Say I have a distribution, either described by a probability density function that is integrable and continuous, or by a set of discrete probabilities over a finite set of symbols.
I want to efficiently generate samples from this distribution. I don't care about references to other algorithms, I want to know if this idea is essentially correct, or how to improve it.
Here is how I currently do it for the discrete case :
- form the cumulative probability function ( defined at the ith symbol as the sum of all probabilities from the first symbol to the ith symbol ).
- Then, there is an interval, [0,max(CDF)] and it is trivial to output a IID random number anywhere in that interval using a regular PRNG.
- Since every symbol is now associated with an interval, we output the symbol in whose interval the IID number landed.
It seems completely obvious to me that the output sequence will have the characteristics of the given discrete distribution, and is optimal up to the original PRNG.

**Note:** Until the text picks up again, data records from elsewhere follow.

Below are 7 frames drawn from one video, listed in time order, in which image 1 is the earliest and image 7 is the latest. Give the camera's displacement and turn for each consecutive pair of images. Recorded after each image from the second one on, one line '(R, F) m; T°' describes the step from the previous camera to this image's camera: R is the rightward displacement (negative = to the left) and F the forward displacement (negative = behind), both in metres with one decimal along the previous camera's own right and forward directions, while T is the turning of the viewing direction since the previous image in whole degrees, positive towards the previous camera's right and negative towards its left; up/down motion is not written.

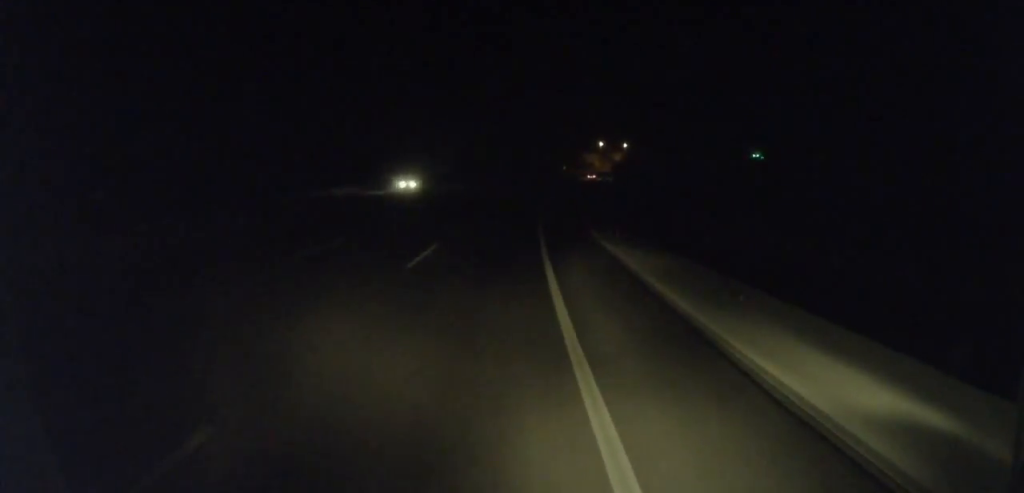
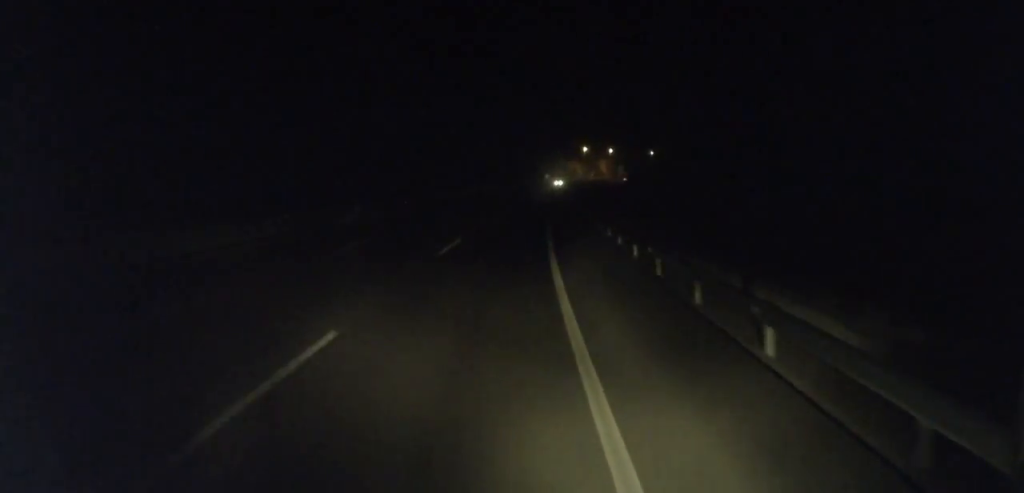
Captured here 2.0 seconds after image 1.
(+0.4, +28.2) m; +2°
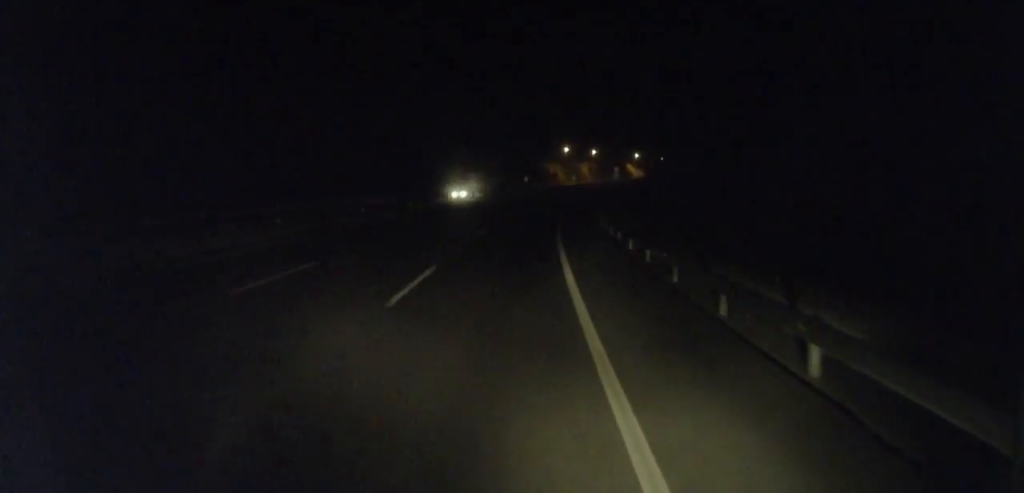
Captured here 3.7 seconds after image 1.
(-0.5, +24.4) m; +2°
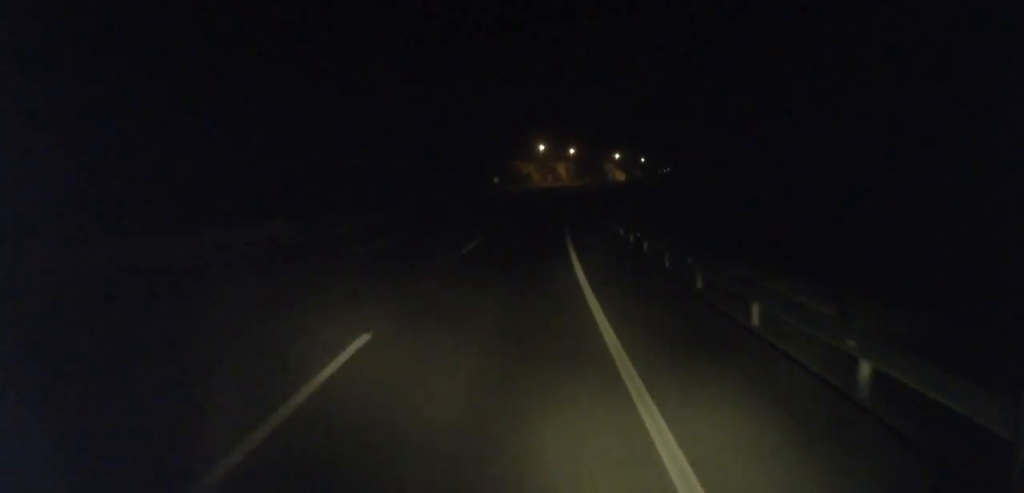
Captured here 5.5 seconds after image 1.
(+1.0, +24.3) m; +3°
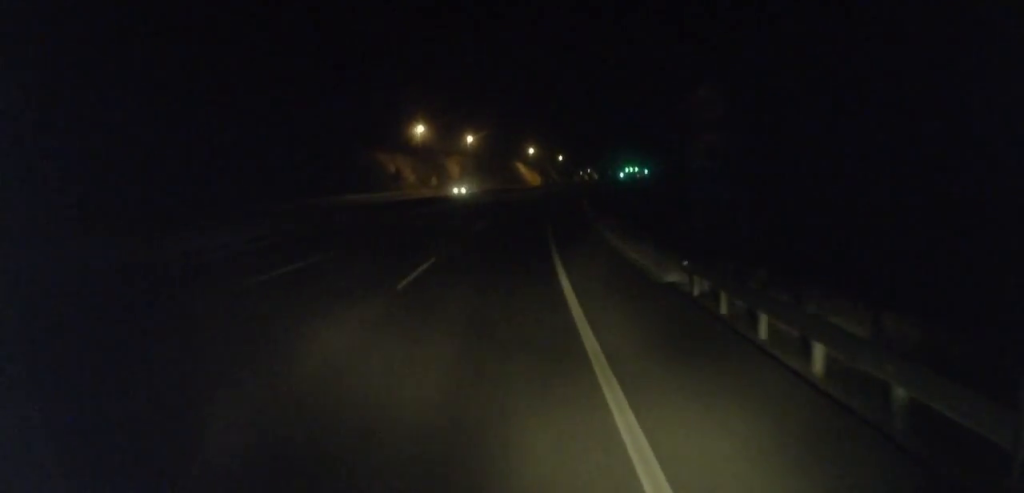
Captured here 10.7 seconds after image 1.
(+6.3, +71.8) m; +10°
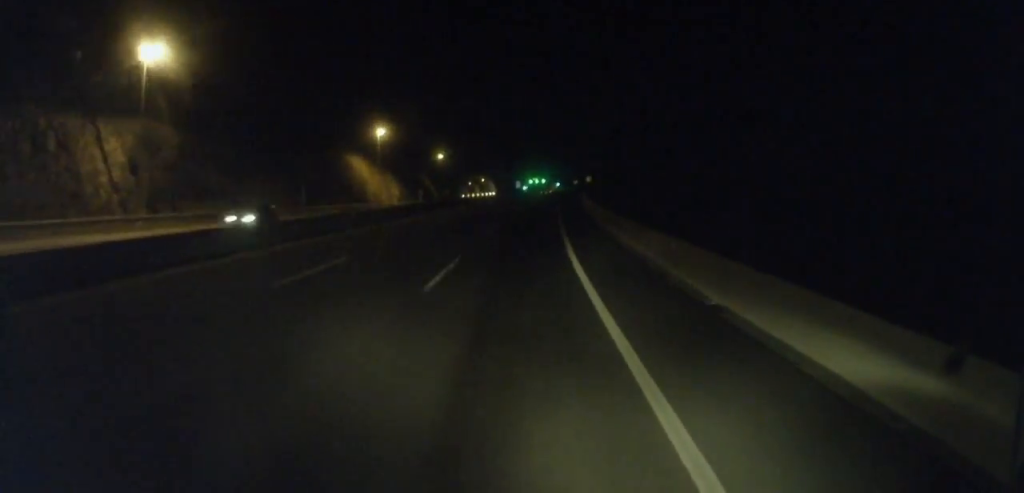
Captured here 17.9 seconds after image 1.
(+10.7, +97.2) m; +11°
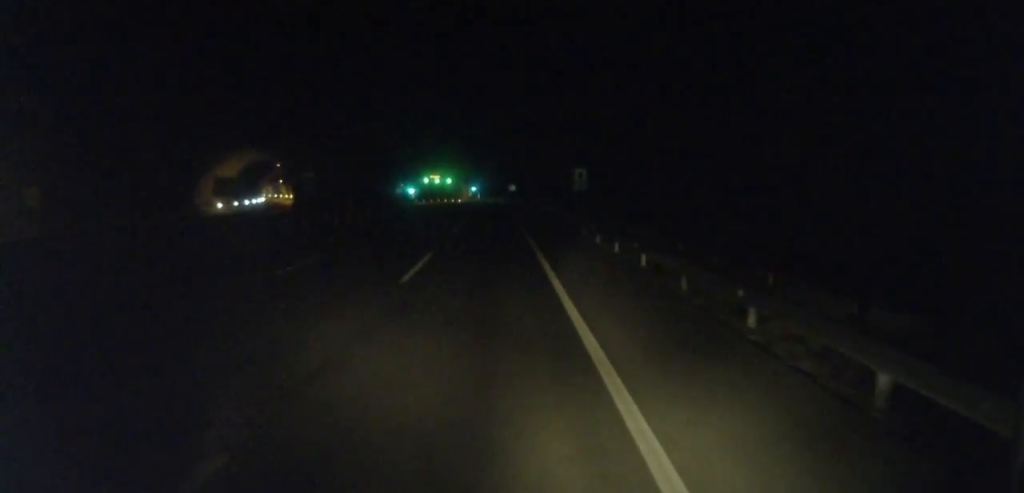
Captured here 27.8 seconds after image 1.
(+10.7, +130.8) m; +8°

I want now to extend to the continuous case (this may be the Ziggurat algorithm, and if so, boy am I happy I jumped straight to that). But can we not simply integrate the PDF to get a CDF, again form the interval [0,max(CDF)] and again shoot IID randoms at this interval, and again, and this is the tricky part for me, associate each sample symbol (of which there are infinitely many) with an interval. Then output the sample symbol in whose interval the IID number landed.
So, my question is : how can I associate the sample symbols, with intervals? Presumably by discretizing (putting into buckets) the sample symbol interval, and giving anything in a bucket the same probability. The size of buckets could be worked out so as to, over the intended output stream length, not cause any detectable deviation from the underlying continuous distribution.